**DATASET CONTENT**.
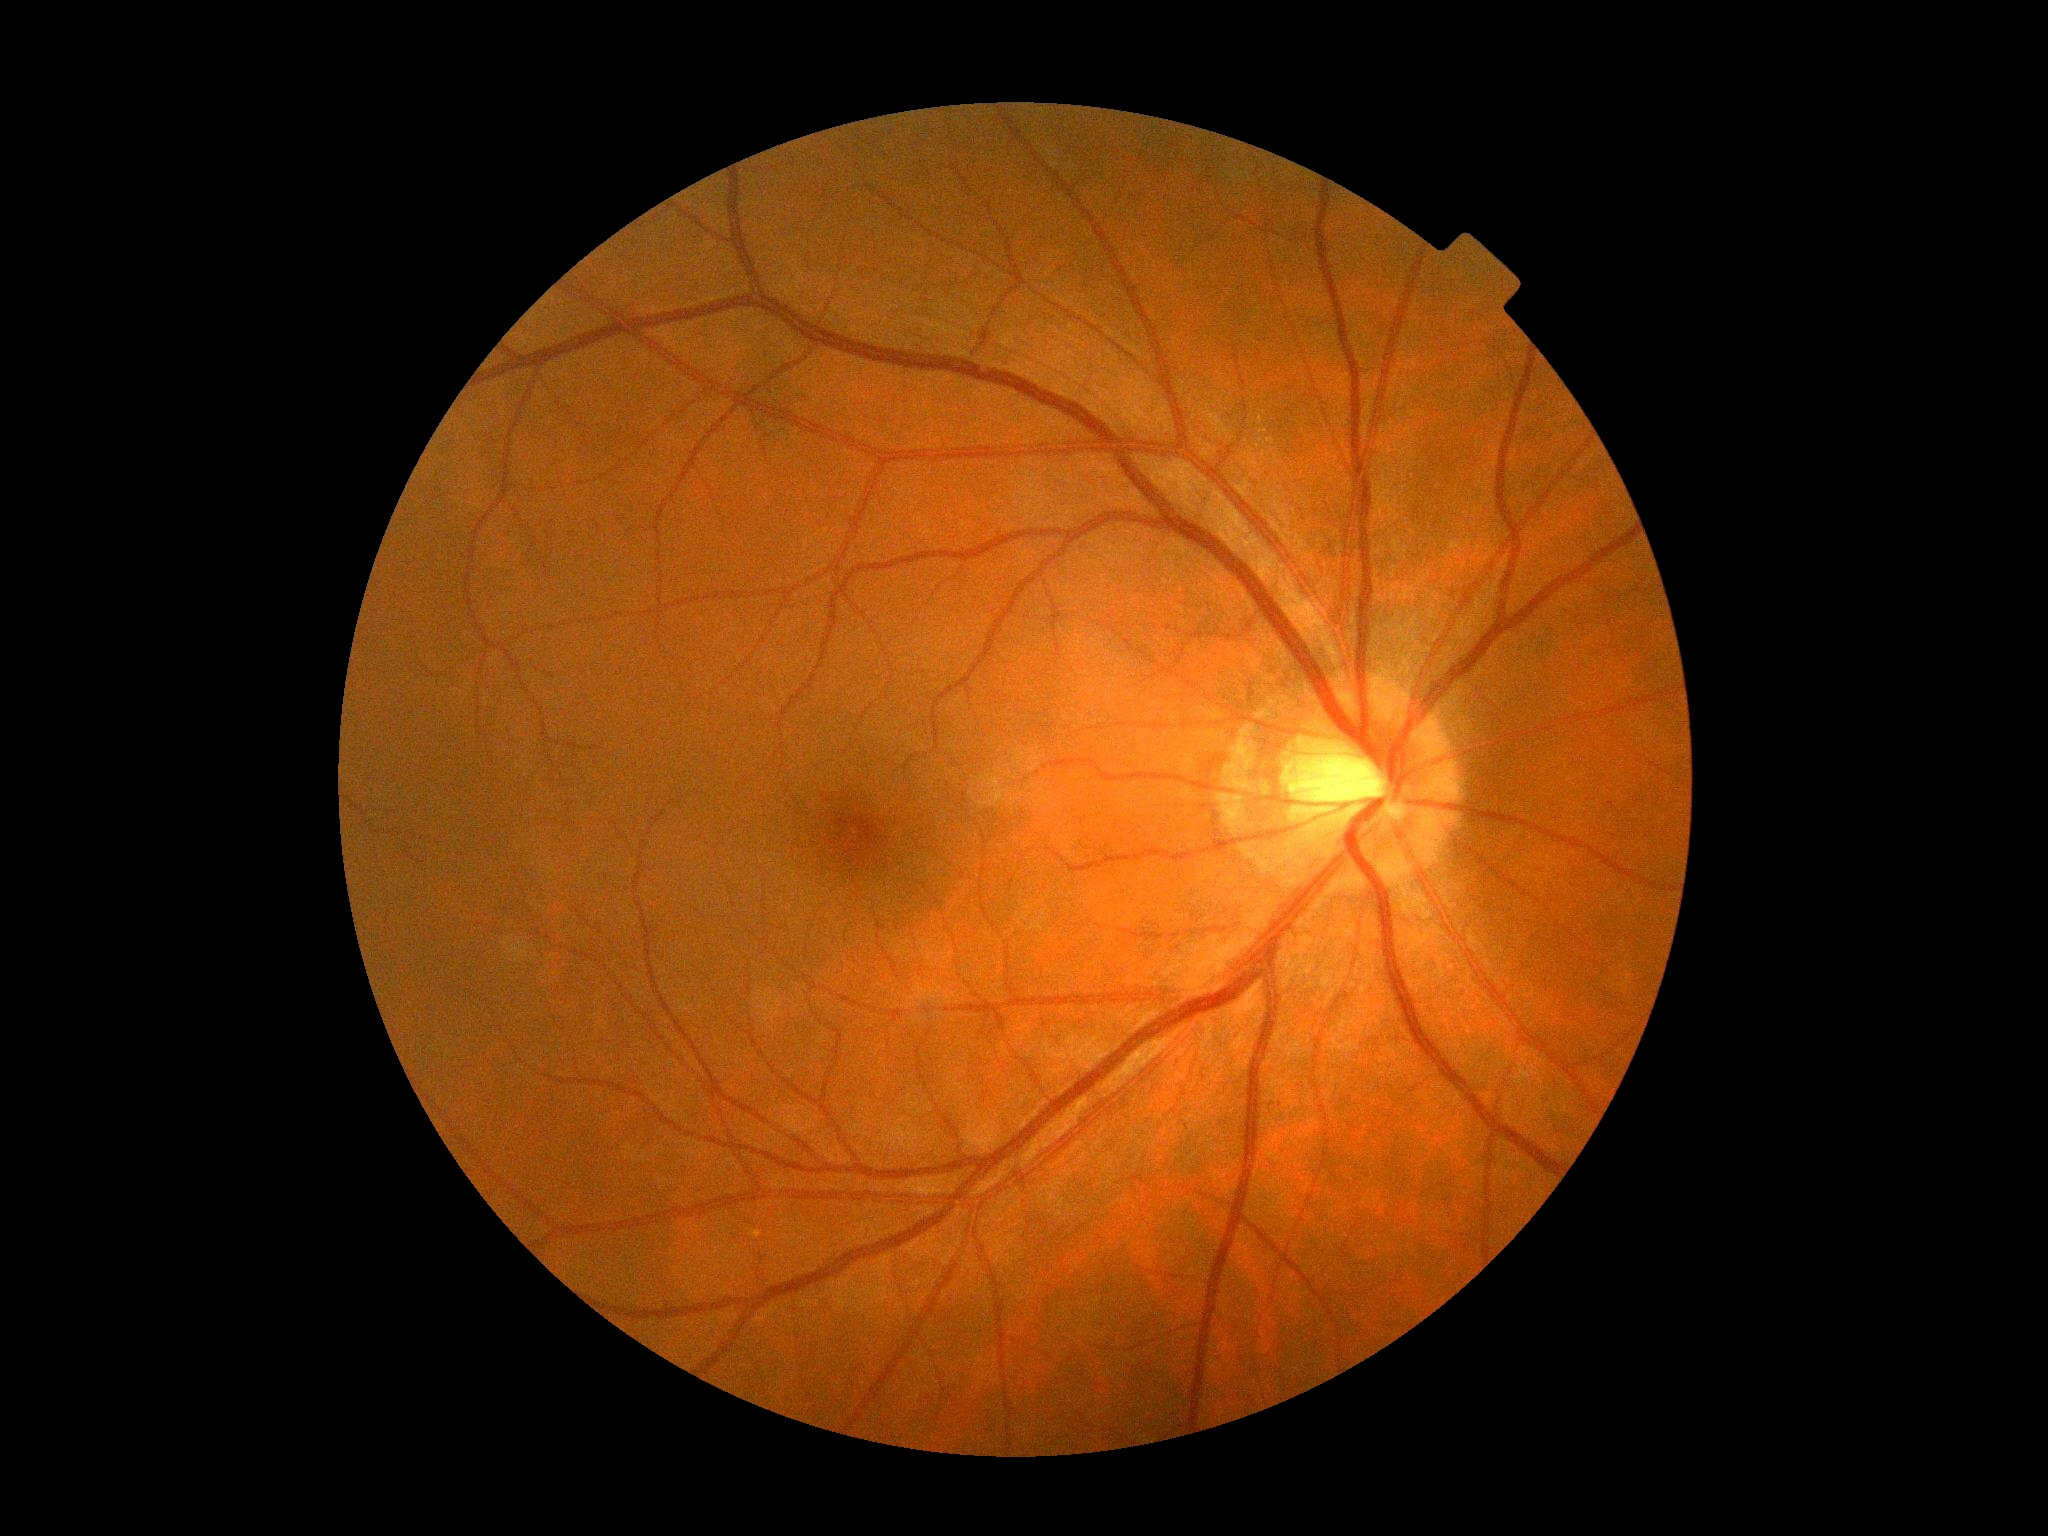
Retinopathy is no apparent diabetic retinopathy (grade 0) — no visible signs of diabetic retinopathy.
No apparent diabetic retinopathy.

==

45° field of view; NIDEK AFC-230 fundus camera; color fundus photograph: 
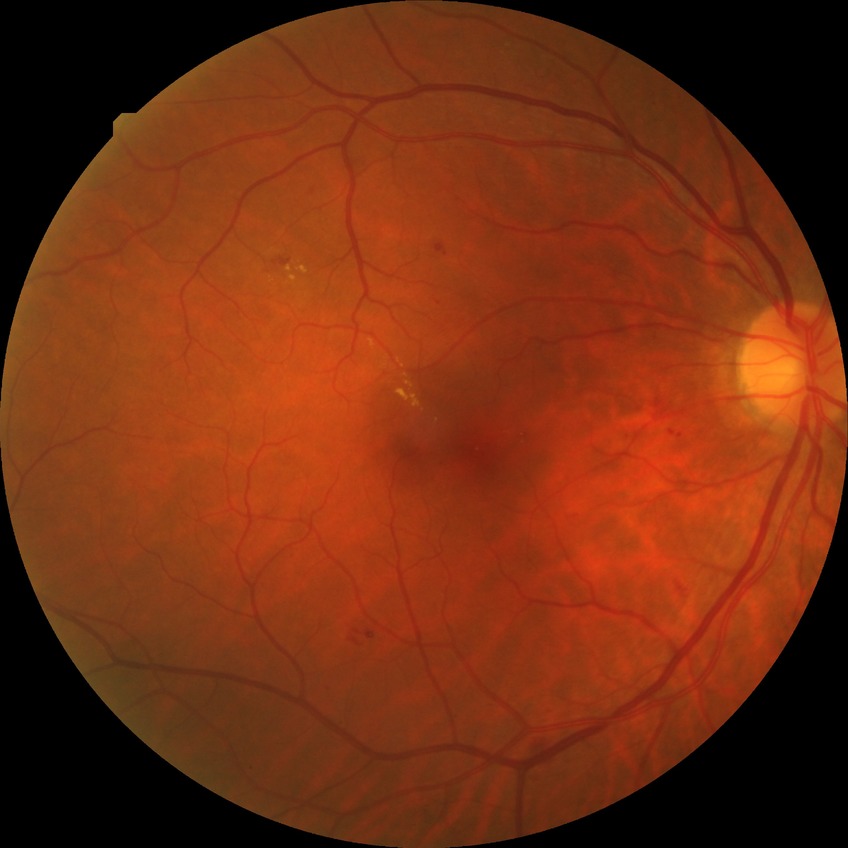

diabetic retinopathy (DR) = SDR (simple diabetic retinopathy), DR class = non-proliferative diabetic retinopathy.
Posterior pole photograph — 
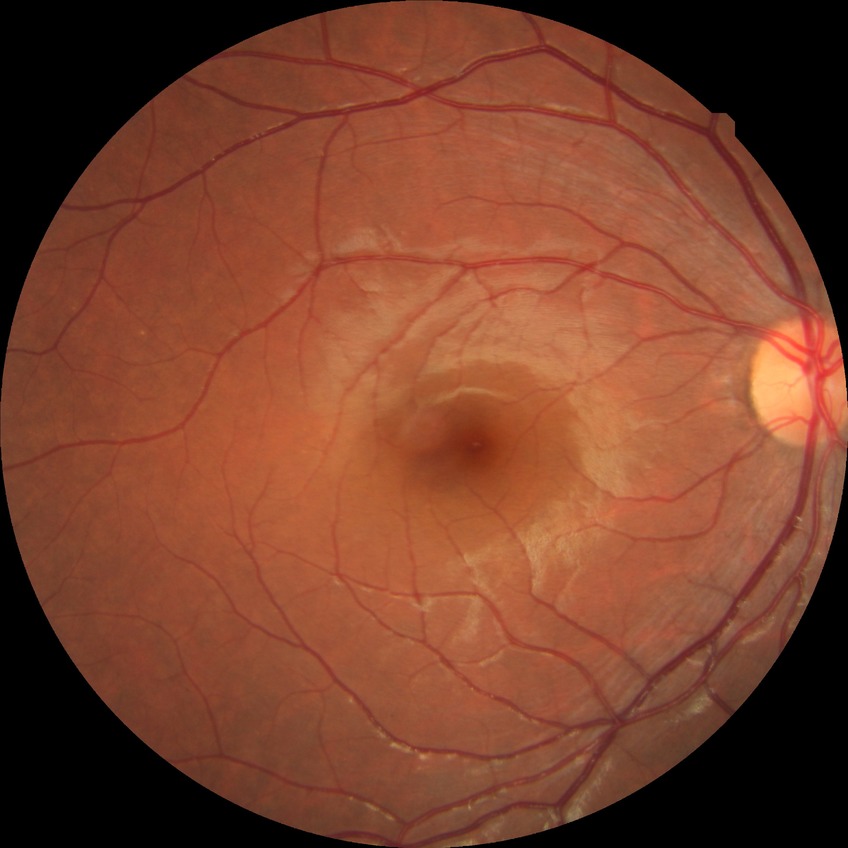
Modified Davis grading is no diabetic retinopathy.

...

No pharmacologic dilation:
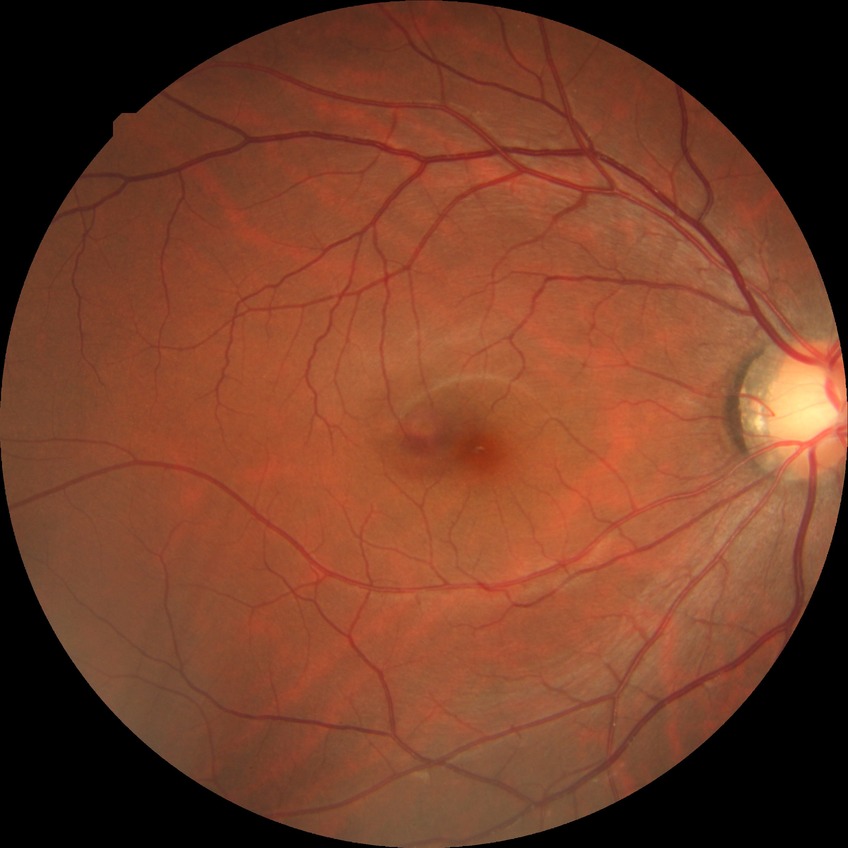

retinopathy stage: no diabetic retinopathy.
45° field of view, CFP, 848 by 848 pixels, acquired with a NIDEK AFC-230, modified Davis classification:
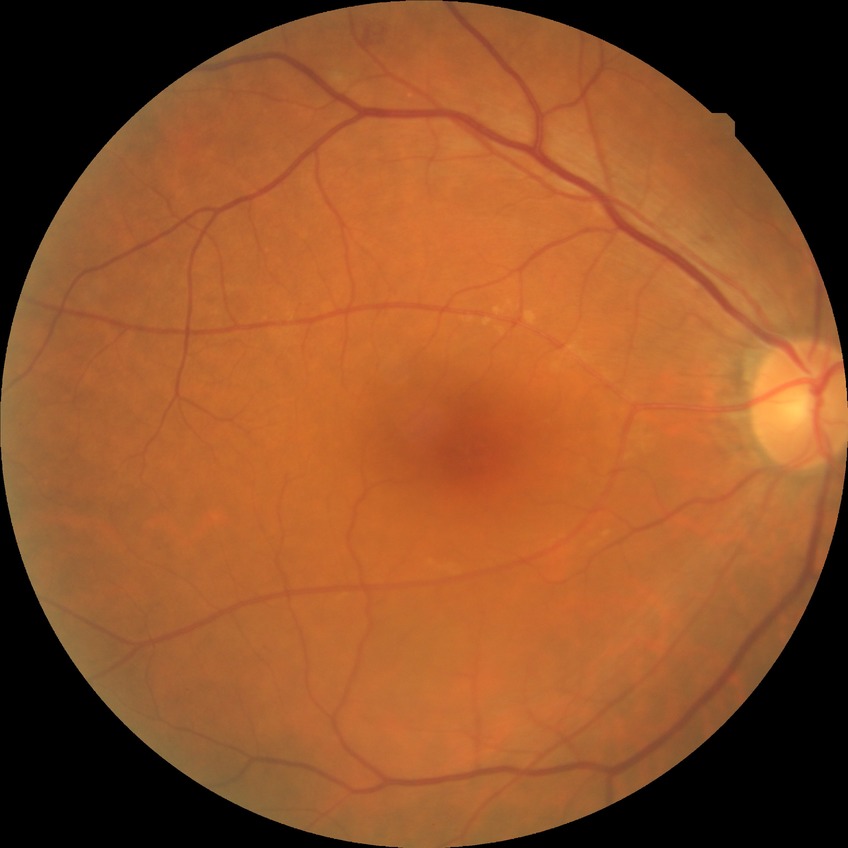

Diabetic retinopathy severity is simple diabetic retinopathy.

**WORK TASK**. From the entries above, give again exactly the lines running from the line with "Retinopathy is no" to the line with "No apparent diabetic retinopathy."; include both of those lines.

**OUTPUT OF THE TASK**.
Retinopathy is no apparent diabetic retinopathy (grade 0) — no visible signs of diabetic retinopathy.
No apparent diabetic retinopathy.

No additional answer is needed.